Statistical Analysis
Statistical analyses were performed with SPSS version 11.5 software (SPSS Inc, Chicago, Ill). All results are expressed as mean 6 SD. The significance of differences between two groups was assessed with the unpaired Student t test.
Results
Operative Data
The mean CPB and aortic crossclamp times of the modified Nikaidoh procedure were 342.0±52.1 min and 228.8±42.5 min, respectively. The mean intubation and mechanical ventilation time was 188.7±159 hours. In the REV group, CPB time was 337.3±197.0 min, crossclamp time was 177±40 min, and intubation and ventilation time was 76.4±112.5 hours. For the Rastelli procedure, CPB time was 170.3±40.6 min, crossclamp time was 126.5±31.5 min, and intubation and ventilation time was 43.0±57.4 hours. The modified Nikaidoh procedure was more timeconsuming than both REV (P=.008) and Rastelli (P<.001) procedures in terms of aortic crossclamp time. The mean mechanical ventilation time of the Nikaidoh group was significantly longer than that of the Rastelli group (P=.016). There was no difference between Nikaidoh and REV (P=.15) groups, nor was there any between REV and Rastelli groups (P=.395). Prolonged mechanical ventilation support (.72 hours) was required by 6 patients in the Nikaidoh group, 1 in the REV group, and 2 in the Rastelli group. The patients who underwent the modified Nikaidoh procedure, which is much more aggressive, needed a longer recovery time (Table 2).
Mortality and Morbidity
All patients in the Nikaidoh group survived. Two patients in the REV group and 1 in the Rastelli group died. Causes of death were small right ventricle and postoperative right ventricular failure in 1 case, severe bleeding in 1 case, and low cardiac output syndrome caused by residual stenosis in the LVOT with a gradient of 45 mm Hg in 1 patient who underwent Rastelli procedure. One patient in the Nikaidoh group required extracorporeal membrane oxygenation (ECMO) support because of acute left heart failure at the fourth postoperative day and was successfully weaned from ECMO 62 hours later. The second patient, who had CTG associated with VSD, ASD, and PS, could not be weaned from CPB because of right ventricular dysfunction after modified REV and Senning procedures.
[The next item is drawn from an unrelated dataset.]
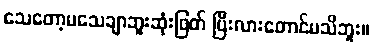
သေတော့မသေချာဘူးဆုံးဖြတ် ပြီးလားတောင်မသိဘူး။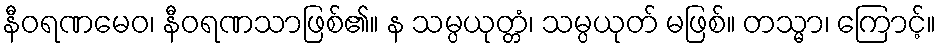
နီဝရဏမေဝ၊ နီဝရဏသာဖြစ်၏။ န သမ္ပယုတ္တံ၊ သမ္ပယုတ် မဖြစ်။ တသ္မာ၊ ကြောင့်။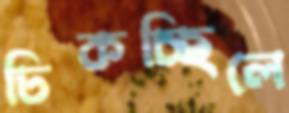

He was put on ECMO for 4 days, and then an additional Glenn shunt was performed. This patient could not be weaned from ECMO and died of multiple organ and system failure on the twelfth postoperative day. A patient in the REV group who died of severe bleeding had CTGA, VSD, PS, PDA, and dextrocardia. The bleeding site was on the left atrium (the suture line of the Senning procedure) and could hardly be exposed and controlled, because the atria lie under the ventricles.
More patients in the Nikaidoh group than in the REV and Rastelli groups required prolonged mechanical ventilation support. The causes of prolonged mechanical ventilation support were low cardiac output syndrome, lung infection, stress ulcer, and renal dysfunction.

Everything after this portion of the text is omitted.